Monday, 26 September 2011

Best in show.

The annual Royal Melbourne Show is on.  It's easy to know this if you're catching a train from Flinders Street Station.  While I was waiting to catch a train home this afternoon, a train from the show ground arrived.  As the doors opened the people coming out could have been no where else.

There were kids carrying oversized, inflatable hammers! oversized stuffed animals with their own faces painted to match!  Teenagers laden with show bags from every conceivable brand and giant buckets of multi-coloured fairy floss.  Parents trying to round up and keep track of their kids and the kids were either over tired or over excited.  And probably pumped full of fast food and sugar.

I've lived in Melbourne since 2000 and have never been to the show.  Yet when I was at boarding school, the Toowoomba Show holiday was something to really look forward to.  It was a place to fraternise with boys from the Grammar School.  Fraternising meant screaming until they were deaf as they casually draped an arm across your shoulder on terrifying, dizzying rides.  It was very important to be cool and casual.
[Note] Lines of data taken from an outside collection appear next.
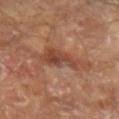Imaged with cross-polarized lighting.
Located on the left forearm.
A region of skin cropped from a whole-body photographic capture, roughly 15 mm wide.
A male patient, in their mid-60s.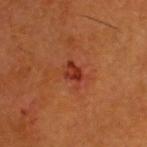<lesion>
<biopsy_status>not biopsied; imaged during a skin examination</biopsy_status>
<automated_metrics>
  <cielab_L>35</cielab_L>
  <cielab_a>31</cielab_a>
  <cielab_b>33</cielab_b>
  <vs_skin_darker_L>9.0</vs_skin_darker_L>
  <nevus_likeness_0_100>5</nevus_likeness_0_100>
  <lesion_detection_confidence_0_100>100</lesion_detection_confidence_0_100>
</automated_metrics>
<lesion_size>
  <long_diameter_mm_approx>3.0</long_diameter_mm_approx>
</lesion_size>
<image>
  <source>total-body photography crop</source>
  <field_of_view_mm>15</field_of_view_mm>
</image>
<lighting>cross-polarized</lighting>
<patient>
  <sex>male</sex>
  <age_approx>60</age_approx>
</patient>
<site>head or neck</site>
</lesion>

I can now understand my parents' dread at the prospect of the Show.  It seems to be an operation to suck the money right out of your pockets.  Although I do remember going to the Royal Easter Show in Sydney when I was a child. I can't remember how old I was - perhaps around 5.  I wanted three things:

1. a pair of those gigantic sunglasses, preferably in pink
2. a kewpee doll with a pink dress
3. a ride on the ferris wheel.

I got all three things.  Numbers one and two passed without incident.  Number three ended in tears.  And that was just my mother.  Perhaps my fear of heights stemmed from this early trauma, stranded at the very top of the wheel for hours while the skinny guy in charge of the rides loaded passengers and rolled himself a cigarette.
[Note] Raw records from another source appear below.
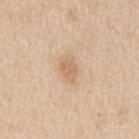{"biopsy_status": "not biopsied; imaged during a skin examination", "lighting": "white-light", "lesion_size": {"long_diameter_mm_approx": 2.5}, "site": "mid back", "image": {"source": "total-body photography crop", "field_of_view_mm": 15}, "patient": {"sex": "male", "age_approx": 60}}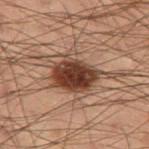Part of a total-body skin-imaging series; this lesion was reviewed on a skin check and was not flagged for biopsy.
The recorded lesion diameter is about 7.5 mm.
A 15 mm crop from a total-body photograph taken for skin-cancer surveillance.
Captured under cross-polarized illumination.
The patient is a male in their mid- to late 50s.
The lesion is located on the left thigh.

At the age of about 10, my brother and I spent hours on a ride called the Music Machine or Music Express at a rural show.  We laughed our heads off.  It was such fun.  It went really fast and up and down, but we were always attached to the ground.  "Knock on Wood" by Amii Stewart was the song that played over and over and over and over.  (Almost as much fun as when we put Billy Ray Cyrus singing "Achy Breaky Heart" on high rotation while we learned how to juggle.)

I don't think I'll be going this year. The other thing I remember is the weird looking chickens.  How can anything live up to those memories?